Source data
Segment Open
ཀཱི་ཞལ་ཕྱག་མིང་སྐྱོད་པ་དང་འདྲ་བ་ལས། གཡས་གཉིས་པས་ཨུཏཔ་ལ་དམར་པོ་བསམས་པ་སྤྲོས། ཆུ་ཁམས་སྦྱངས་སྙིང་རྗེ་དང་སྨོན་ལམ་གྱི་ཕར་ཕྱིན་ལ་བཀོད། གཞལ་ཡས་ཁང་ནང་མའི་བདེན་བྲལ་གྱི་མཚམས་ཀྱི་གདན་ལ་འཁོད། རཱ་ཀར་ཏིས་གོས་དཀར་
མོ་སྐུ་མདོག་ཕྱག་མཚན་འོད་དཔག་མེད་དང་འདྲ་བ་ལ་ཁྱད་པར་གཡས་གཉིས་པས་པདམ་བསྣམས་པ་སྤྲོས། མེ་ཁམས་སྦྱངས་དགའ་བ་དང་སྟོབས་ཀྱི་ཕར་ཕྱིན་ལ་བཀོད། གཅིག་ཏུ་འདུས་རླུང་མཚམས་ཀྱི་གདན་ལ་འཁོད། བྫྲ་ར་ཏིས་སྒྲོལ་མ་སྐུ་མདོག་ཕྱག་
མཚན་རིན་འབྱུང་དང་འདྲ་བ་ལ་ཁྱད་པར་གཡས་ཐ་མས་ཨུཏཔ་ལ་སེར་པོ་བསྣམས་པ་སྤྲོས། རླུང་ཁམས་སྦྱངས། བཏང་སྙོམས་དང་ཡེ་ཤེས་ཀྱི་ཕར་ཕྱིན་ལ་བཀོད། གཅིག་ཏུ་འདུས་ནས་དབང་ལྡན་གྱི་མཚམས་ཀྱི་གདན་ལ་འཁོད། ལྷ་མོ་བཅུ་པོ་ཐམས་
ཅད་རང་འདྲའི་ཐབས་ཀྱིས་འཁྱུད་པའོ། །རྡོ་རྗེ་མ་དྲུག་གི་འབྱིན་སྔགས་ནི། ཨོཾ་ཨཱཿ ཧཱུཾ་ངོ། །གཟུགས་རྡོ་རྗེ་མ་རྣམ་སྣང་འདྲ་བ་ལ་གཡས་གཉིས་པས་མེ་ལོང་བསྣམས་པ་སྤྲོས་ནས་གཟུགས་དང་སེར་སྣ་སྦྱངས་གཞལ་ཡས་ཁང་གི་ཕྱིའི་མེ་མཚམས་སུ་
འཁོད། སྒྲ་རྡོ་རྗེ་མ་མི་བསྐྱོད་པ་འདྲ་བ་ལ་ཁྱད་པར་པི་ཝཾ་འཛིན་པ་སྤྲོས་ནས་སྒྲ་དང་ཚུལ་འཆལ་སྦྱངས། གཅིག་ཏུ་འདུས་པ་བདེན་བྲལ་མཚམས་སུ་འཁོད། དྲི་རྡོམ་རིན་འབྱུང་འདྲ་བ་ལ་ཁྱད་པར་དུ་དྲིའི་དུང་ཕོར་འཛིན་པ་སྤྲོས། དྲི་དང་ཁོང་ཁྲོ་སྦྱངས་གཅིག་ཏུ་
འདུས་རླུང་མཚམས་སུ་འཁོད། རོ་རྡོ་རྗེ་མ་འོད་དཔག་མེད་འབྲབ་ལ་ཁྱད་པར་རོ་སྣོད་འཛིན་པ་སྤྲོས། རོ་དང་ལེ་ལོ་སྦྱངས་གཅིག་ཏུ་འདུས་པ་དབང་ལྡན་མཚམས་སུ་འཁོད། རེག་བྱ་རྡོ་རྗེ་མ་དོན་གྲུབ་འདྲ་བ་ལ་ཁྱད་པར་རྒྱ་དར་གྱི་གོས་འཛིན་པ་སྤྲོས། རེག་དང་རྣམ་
Segment Closed
▶ _Aim of the task_: The output should match the records above exactly, line for line.

▶ _Solution for this problem_:
ཀཱི་ཞལ་ཕྱག་མིང་སྐྱོད་པ་དང་འདྲ་བ་ལས། གཡས་གཉིས་པས་ཨུཏཔ་ལ་དམར་པོ་བསམས་པ་སྤྲོས། ཆུ་ཁམས་སྦྱངས་སྙིང་རྗེ་དང་སྨོན་ལམ་གྱི་ཕར་ཕྱིན་ལ་བཀོད། གཞལ་ཡས་ཁང་ནང་མའི་བདེན་བྲལ་གྱི་མཚམས་ཀྱི་གདན་ལ་འཁོད། རཱ་ཀར་ཏིས་གོས་དཀར་
མོ་སྐུ་མདོག་ཕྱག་མཚན་འོད་དཔག་མེད་དང་འདྲ་བ་ལ་ཁྱད་པར་གཡས་གཉིས་པས་པདམ་བསྣམས་པ་སྤྲོས། མེ་ཁམས་སྦྱངས་དགའ་བ་དང་སྟོབས་ཀྱི་ཕར་ཕྱིན་ལ་བཀོད། གཅིག་ཏུ་འདུས་རླུང་མཚམས་ཀྱི་གདན་ལ་འཁོད། བྫྲ་ར་ཏིས་སྒྲོལ་མ་སྐུ་མདོག་ཕྱག་
མཚན་རིན་འབྱུང་དང་འདྲ་བ་ལ་ཁྱད་པར་གཡས་ཐ་མས་ཨུཏཔ་ལ་སེར་པོ་བསྣམས་པ་སྤྲོས། རླུང་ཁམས་སྦྱངས། བཏང་སྙོམས་དང་ཡེ་ཤེས་ཀྱི་ཕར་ཕྱིན་ལ་བཀོད། གཅིག་ཏུ་འདུས་ནས་དབང་ལྡན་གྱི་མཚམས་ཀྱི་གདན་ལ་འཁོད། ལྷ་མོ་བཅུ་པོ་ཐམས་
ཅད་རང་འདྲའི་ཐབས་ཀྱིས་འཁྱུད་པའོ། །རྡོ་རྗེ་མ་དྲུག་གི་འབྱིན་སྔགས་ནི། ཨོཾ་ཨཱཿ ཧཱུཾ་ངོ། །གཟུགས་རྡོ་རྗེ་མ་རྣམ་སྣང་འདྲ་བ་ལ་གཡས་གཉིས་པས་མེ་ལོང་བསྣམས་པ་སྤྲོས་ནས་གཟུགས་དང་སེར་སྣ་སྦྱངས་གཞལ་ཡས་ཁང་གི་ཕྱིའི་མེ་མཚམས་སུ་
འཁོད། སྒྲ་རྡོ་རྗེ་མ་མི་བསྐྱོད་པ་འདྲ་བ་ལ་ཁྱད་པར་པི་ཝཾ་འཛིན་པ་སྤྲོས་ནས་སྒྲ་དང་ཚུལ་འཆལ་སྦྱངས། གཅིག་ཏུ་འདུས་པ་བདེན་བྲལ་མཚམས་སུ་འཁོད། དྲི་རྡོམ་རིན་འབྱུང་འདྲ་བ་ལ་ཁྱད་པར་དུ་དྲིའི་དུང་ཕོར་འཛིན་པ་སྤྲོས། དྲི་དང་ཁོང་ཁྲོ་སྦྱངས་གཅིག་ཏུ་
འདུས་རླུང་མཚམས་སུ་འཁོད། རོ་རྡོ་རྗེ་མ་འོད་དཔག་མེད་འབྲབ་ལ་ཁྱད་པར་རོ་སྣོད་འཛིན་པ་སྤྲོས། རོ་དང་ལེ་ལོ་སྦྱངས་གཅིག་ཏུ་འདུས་པ་དབང་ལྡན་མཚམས་སུ་འཁོད། རེག་བྱ་རྡོ་རྗེ་མ་དོན་གྲུབ་འདྲ་བ་ལ་ཁྱད་པར་རྒྱ་དར་གྱི་གོས་འཛིན་པ་སྤྲོས། རེག་དང་རྣམ་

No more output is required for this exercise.